To do: Every line from the one with "#6867 = CARTESIAN_POINT" to the one with "#9606 = PLANE", including those two, is to be copied exactly; all other lines of the entries below are left out.

[Data excerpts]
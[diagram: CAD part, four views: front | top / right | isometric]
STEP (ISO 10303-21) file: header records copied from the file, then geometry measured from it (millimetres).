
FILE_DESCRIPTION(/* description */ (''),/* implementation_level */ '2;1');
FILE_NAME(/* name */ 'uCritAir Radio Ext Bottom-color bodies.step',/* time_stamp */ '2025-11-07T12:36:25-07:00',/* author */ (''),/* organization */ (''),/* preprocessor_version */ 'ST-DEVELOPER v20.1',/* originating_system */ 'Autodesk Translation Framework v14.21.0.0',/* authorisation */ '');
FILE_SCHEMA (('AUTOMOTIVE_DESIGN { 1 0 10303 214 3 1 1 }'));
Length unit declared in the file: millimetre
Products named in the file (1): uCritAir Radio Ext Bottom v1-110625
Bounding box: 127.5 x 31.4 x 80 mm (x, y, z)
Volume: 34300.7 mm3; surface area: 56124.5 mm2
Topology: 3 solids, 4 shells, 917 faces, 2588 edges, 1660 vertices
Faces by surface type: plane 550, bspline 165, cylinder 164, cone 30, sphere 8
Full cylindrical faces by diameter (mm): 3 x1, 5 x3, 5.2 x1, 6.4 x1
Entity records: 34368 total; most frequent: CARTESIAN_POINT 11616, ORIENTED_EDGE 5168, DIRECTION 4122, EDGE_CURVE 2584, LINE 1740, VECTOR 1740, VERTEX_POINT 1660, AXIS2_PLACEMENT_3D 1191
--
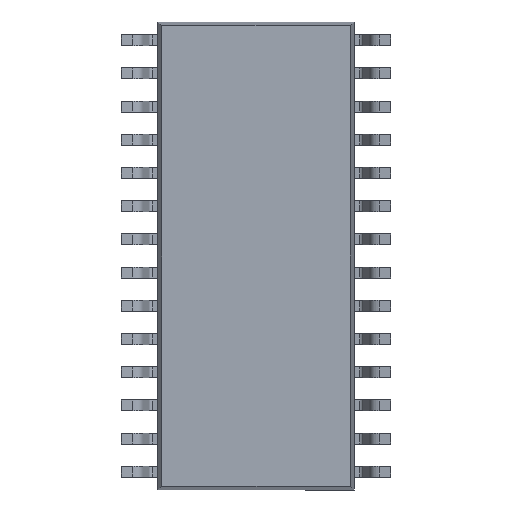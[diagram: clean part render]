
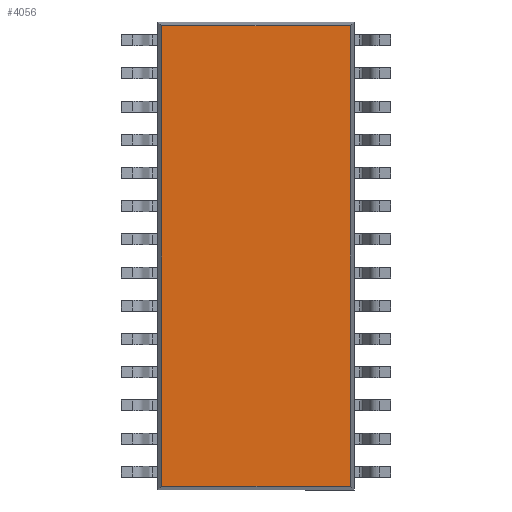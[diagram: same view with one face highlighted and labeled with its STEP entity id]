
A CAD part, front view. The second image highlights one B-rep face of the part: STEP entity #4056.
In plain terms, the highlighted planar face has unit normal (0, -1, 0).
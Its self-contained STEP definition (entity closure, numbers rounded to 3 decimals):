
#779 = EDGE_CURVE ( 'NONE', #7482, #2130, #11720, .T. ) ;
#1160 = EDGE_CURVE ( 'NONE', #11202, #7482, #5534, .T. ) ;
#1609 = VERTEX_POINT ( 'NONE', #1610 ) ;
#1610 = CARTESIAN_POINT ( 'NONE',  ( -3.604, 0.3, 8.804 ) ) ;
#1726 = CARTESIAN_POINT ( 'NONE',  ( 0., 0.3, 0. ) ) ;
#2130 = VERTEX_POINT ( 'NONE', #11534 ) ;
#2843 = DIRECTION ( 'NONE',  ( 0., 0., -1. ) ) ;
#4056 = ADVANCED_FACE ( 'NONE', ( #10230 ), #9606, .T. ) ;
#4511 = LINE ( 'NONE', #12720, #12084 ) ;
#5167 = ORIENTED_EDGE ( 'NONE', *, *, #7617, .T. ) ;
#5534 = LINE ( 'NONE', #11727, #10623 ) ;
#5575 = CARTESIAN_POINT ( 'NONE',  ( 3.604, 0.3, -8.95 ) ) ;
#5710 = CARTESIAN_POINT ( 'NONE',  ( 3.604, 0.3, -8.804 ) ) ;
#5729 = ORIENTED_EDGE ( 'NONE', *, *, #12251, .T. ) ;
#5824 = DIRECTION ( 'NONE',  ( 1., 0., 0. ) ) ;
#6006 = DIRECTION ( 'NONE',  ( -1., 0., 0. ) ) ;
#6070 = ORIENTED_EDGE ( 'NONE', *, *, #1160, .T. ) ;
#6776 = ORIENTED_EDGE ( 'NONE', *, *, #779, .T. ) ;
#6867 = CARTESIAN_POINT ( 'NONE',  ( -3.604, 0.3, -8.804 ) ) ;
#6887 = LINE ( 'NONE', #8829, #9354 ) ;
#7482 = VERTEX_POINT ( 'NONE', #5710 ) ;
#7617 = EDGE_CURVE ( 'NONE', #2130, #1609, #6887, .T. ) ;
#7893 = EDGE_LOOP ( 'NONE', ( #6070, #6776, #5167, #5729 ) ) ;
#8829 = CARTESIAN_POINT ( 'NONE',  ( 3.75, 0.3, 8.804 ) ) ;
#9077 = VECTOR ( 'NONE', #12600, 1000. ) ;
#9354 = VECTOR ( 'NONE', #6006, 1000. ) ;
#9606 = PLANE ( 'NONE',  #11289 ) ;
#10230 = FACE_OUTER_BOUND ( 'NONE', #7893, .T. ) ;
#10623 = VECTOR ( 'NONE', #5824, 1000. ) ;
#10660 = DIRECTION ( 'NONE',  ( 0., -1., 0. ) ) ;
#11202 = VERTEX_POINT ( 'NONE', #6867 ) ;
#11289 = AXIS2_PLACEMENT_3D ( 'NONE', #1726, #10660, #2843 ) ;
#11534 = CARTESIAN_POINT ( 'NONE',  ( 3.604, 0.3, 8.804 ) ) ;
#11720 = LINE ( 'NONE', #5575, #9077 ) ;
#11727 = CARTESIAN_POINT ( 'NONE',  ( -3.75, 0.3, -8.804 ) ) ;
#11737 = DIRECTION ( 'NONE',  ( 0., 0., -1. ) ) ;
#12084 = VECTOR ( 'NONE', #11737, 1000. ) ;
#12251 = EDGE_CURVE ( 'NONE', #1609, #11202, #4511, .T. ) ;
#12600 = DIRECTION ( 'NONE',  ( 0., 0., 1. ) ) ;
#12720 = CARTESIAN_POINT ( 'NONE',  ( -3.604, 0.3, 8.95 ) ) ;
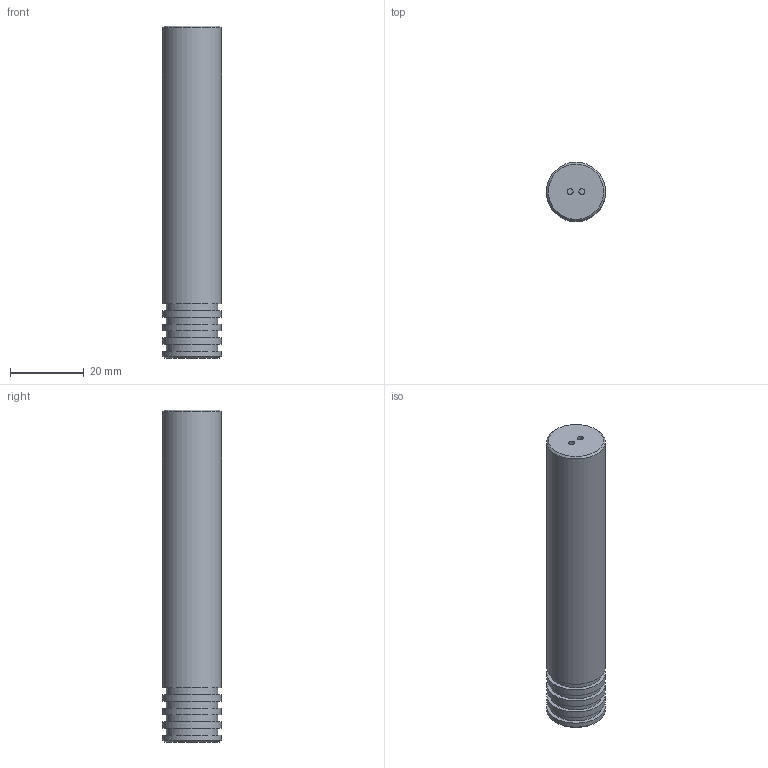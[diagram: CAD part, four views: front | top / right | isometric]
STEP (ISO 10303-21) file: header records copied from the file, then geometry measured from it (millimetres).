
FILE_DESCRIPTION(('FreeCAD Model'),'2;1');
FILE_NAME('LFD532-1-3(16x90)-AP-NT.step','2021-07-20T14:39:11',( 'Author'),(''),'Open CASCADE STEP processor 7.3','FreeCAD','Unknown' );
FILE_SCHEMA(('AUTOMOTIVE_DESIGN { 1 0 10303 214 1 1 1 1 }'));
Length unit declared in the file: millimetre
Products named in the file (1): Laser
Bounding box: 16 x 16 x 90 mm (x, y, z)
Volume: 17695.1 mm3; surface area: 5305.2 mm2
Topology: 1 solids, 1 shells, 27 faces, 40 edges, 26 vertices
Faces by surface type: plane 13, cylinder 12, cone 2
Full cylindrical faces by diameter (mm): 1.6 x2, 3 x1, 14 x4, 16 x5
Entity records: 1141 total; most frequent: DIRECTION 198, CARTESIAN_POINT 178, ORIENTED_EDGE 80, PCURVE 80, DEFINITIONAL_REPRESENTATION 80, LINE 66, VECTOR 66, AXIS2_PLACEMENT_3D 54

Task response:
#6867 = CARTESIAN_POINT ( 'NONE',  ( -3.604, 0.3, -8.804 ) ) ;
#6887 = LINE ( 'NONE', #8829, #9354 ) ;
#7482 = VERTEX_POINT ( 'NONE', #5710 ) ;
#7617 = EDGE_CURVE ( 'NONE', #2130, #1609, #6887, .T. ) ;
#7893 = EDGE_LOOP ( 'NONE', ( #6070, #6776, #5167, #5729 ) ) ;
#8829 = CARTESIAN_POINT ( 'NONE',  ( 3.75, 0.3, 8.804 ) ) ;
#9077 = VECTOR ( 'NONE', #12600, 1000. ) ;
#9354 = VECTOR ( 'NONE', #6006, 1000. ) ;
#9606 = PLANE ( 'NONE',  #11289 ) ;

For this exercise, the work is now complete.